DR. BERGEN [ smiling with assurance ]: All of them fail in one thing, they have not attained knowledge of what mediates between the divine and the human, the infinite and the finite, which is the chief religious problem. Some have had direct experience of that mediator, which accounts for their frequent truths. But none have recognized fully nor correctly named the actual fact which mediates between God and man. I know I am right because I have direct experiences of what I assert, the only means of arriving at certainty.

DR. NEWMAN: Dr. Bergen, I am full of misgivings about what I now must do. I have delayed this interview with you for weeks, fearing the consequences of what I am about to tell you. But worse may come if I do not speak.

You believe that your daughter Eleanor killed herself because of one of your doctrines. You think that she believed as you do, and you say that intuition has made you certain that she killed herself, accepting your doctrine. You are wrong. She killed herself for a wholly different reason. She was in love with a man who would not marry her, partly because he was already married. Though he loved your daughter, he would not divorce his wife for her. He brought her to me, hoping that an analysis might free her from her obsessive passion for him. It did not, unfortunately, although we tried for more than a year. She became desperate because he had refused to see her for almost three months, and she killed herself when she was convinced that he would never marry her. Her predicament was almost commonplace in modern life. Only her means of adjusting herself was extraordinary, and that is accounted for by her inability to control her emotions, such an emotion of despondency as is clear in the victrola record you played. She killed herself because she was in love with a married man.

DR. BERGEN [ shocked and at a loss ]: You are lying! How can you prove what you say? It is what you wish to believe, not the truth. Whether consciously or not, you lie.

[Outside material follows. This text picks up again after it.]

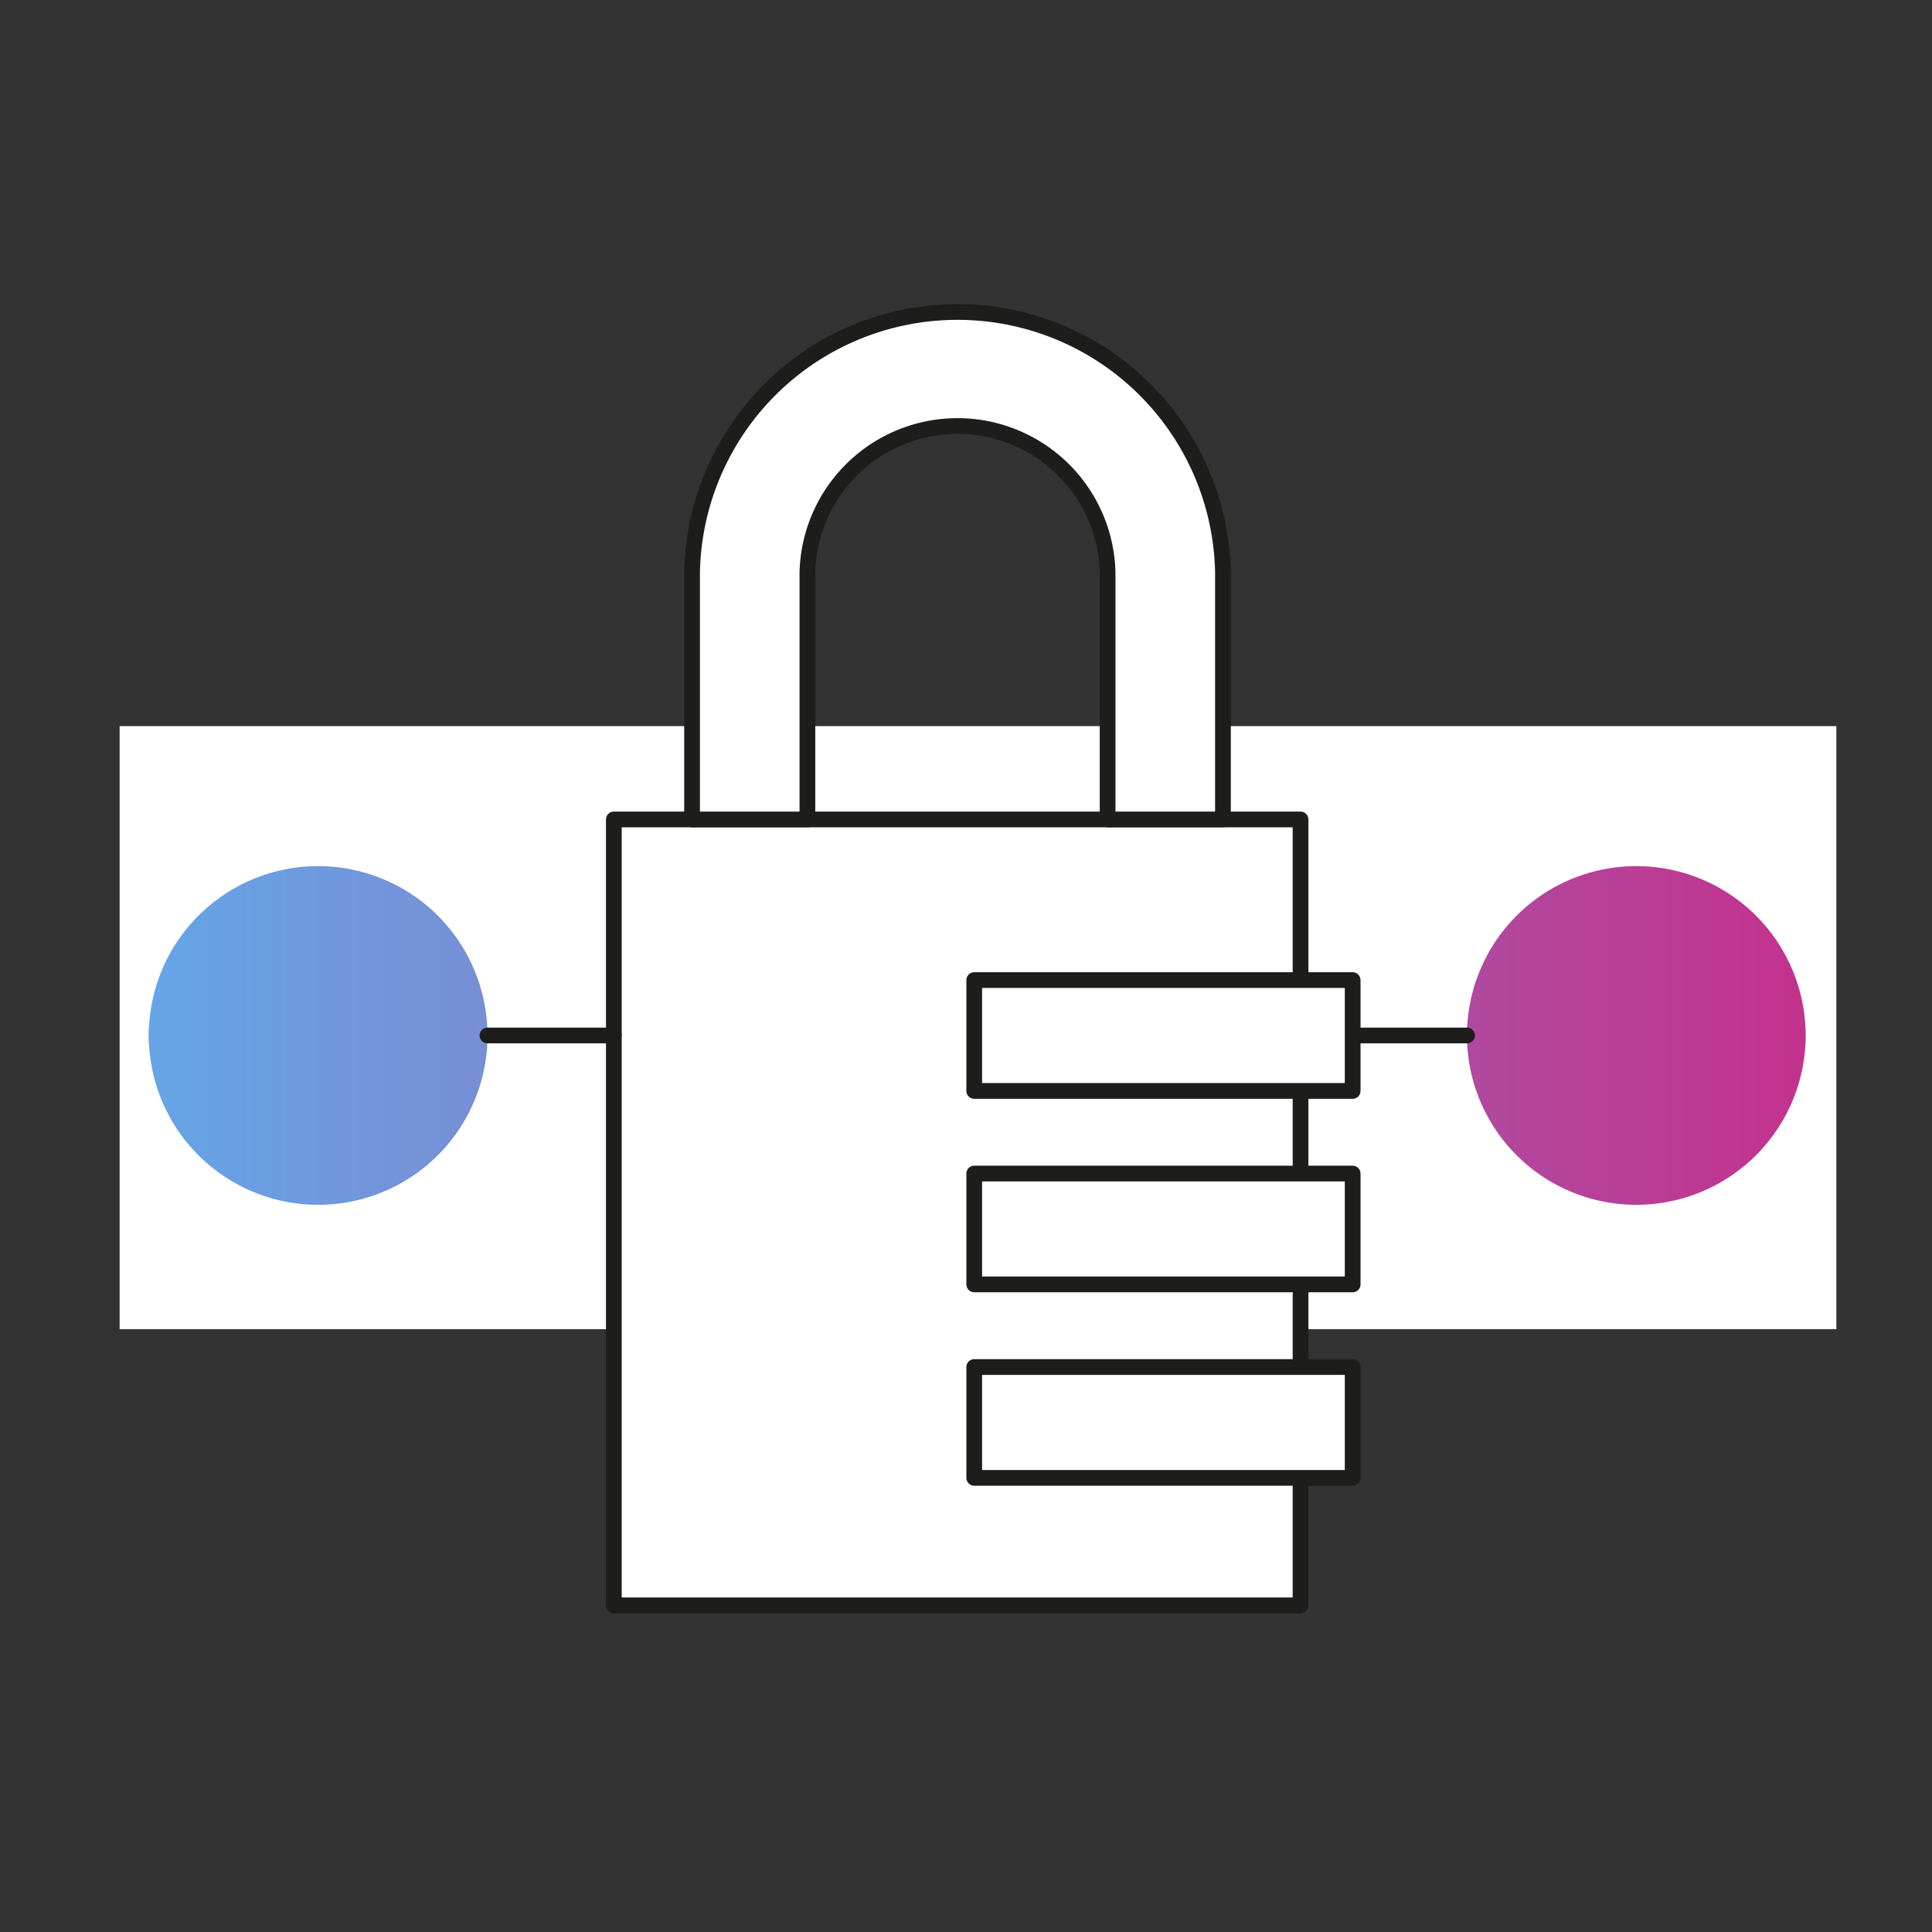 <svg xmlns="http://www.w3.org/2000/svg" xmlns:xlink="http://www.w3.org/1999/xlink" viewBox="0 0 184.25 184.25"><rect x="0" y="0" width="184.25" height="184.25" fill="#333333" stroke="none"/><defs><style>.cls-1{fill:url(#linear-gradient);}.cls-2,.cls-3{fill:#fff;}.cls-3,.cls-4{stroke:#1d1d1b;stroke-linecap:round;stroke-linejoin:round;stroke-width:1.5px;}.cls-4{fill:none;}</style><linearGradient id="linear-gradient" x1="14.2" y1="98.29" x2="172.2" y2="98.29" gradientUnits="userSpaceOnUse"><stop offset="0" stop-color="#65a5e7"/><stop offset="1" stop-color="#c3328d"/></linearGradient></defs><title>Artboard 5 copy 33</title><g id="Icons"><rect class="cls-1" x="14.2" y="72.43" width="158" height="51.72"/><path class="cls-2" d="M11.41,69.25v57.51H175.13V69.25ZM30.34,114.9A16.15,16.15,0,1,1,46.49,98.75,16.15,16.15,0,0,1,30.34,114.9Zm125.71,0A16.15,16.15,0,1,1,172.2,98.75,16.15,16.15,0,0,1,156.05,114.9Z"/><rect class="cls-3" x="58.54" y="78.15" width="65.49" height="74.95"/><rect class="cls-3" x="92.91" y="93.47" width="36.09" height="10.57"/><rect class="cls-3" x="92.91" y="111.92" width="36.09" height="10.57"/><rect class="cls-3" x="92.91" y="130.37" width="36.09" height="10.57"/><path class="cls-3" d="M77,78.15H66V54.57a25.32,25.32,0,0,1,50.63,0V78.15h-11V54.57a14.32,14.32,0,0,0-28.63,0Z"/><line class="cls-4" x1="129.13" y1="98.75" x2="139.91" y2="98.75"/><line class="cls-4" x1="46.49" y1="98.75" x2="58.54" y2="98.75"/></g></svg>

DR. NEWMAN: I have conclusive proof, the kind which you do not possess for your fantastic belief. It is a letter from your daughter written and posted an hour before she killed herself. You will see why I hesitated so long before coming to you, though I knew that her death was a mystery. By the time this letter was written, I was the only one in whom she would or could confide. The point is that despite your intimacy with God’s blue eye, you wholly misconstrued her act. [ He reads the letter. ]

“Dear Dr. Newman:

You have been so kind to me that I don’t like to use you for an unpleasant task, but M. (her lover’s name) destroys all letters from me. I am killing myself because I cannot live without him. I want him to know that in his heart, but without any scandal which will hurt his wife and children, and he will not know this unless you tell him because I am trying to be good and useful for something for once by letting my poor father suppose that I am killing myself in obedience to his religious belief, of which you will hear more from others. Please forgive me and do this for me — tell M. that he was wrong to let anything stand in the way of love.

Your poor friend,

Eleanor.”

DR. BERGEN [ desperately ]: Is that your sister’s handwriting, Martha? [DR. NEWMAN gives MARTHA the letter. She looks at it and reads it. ]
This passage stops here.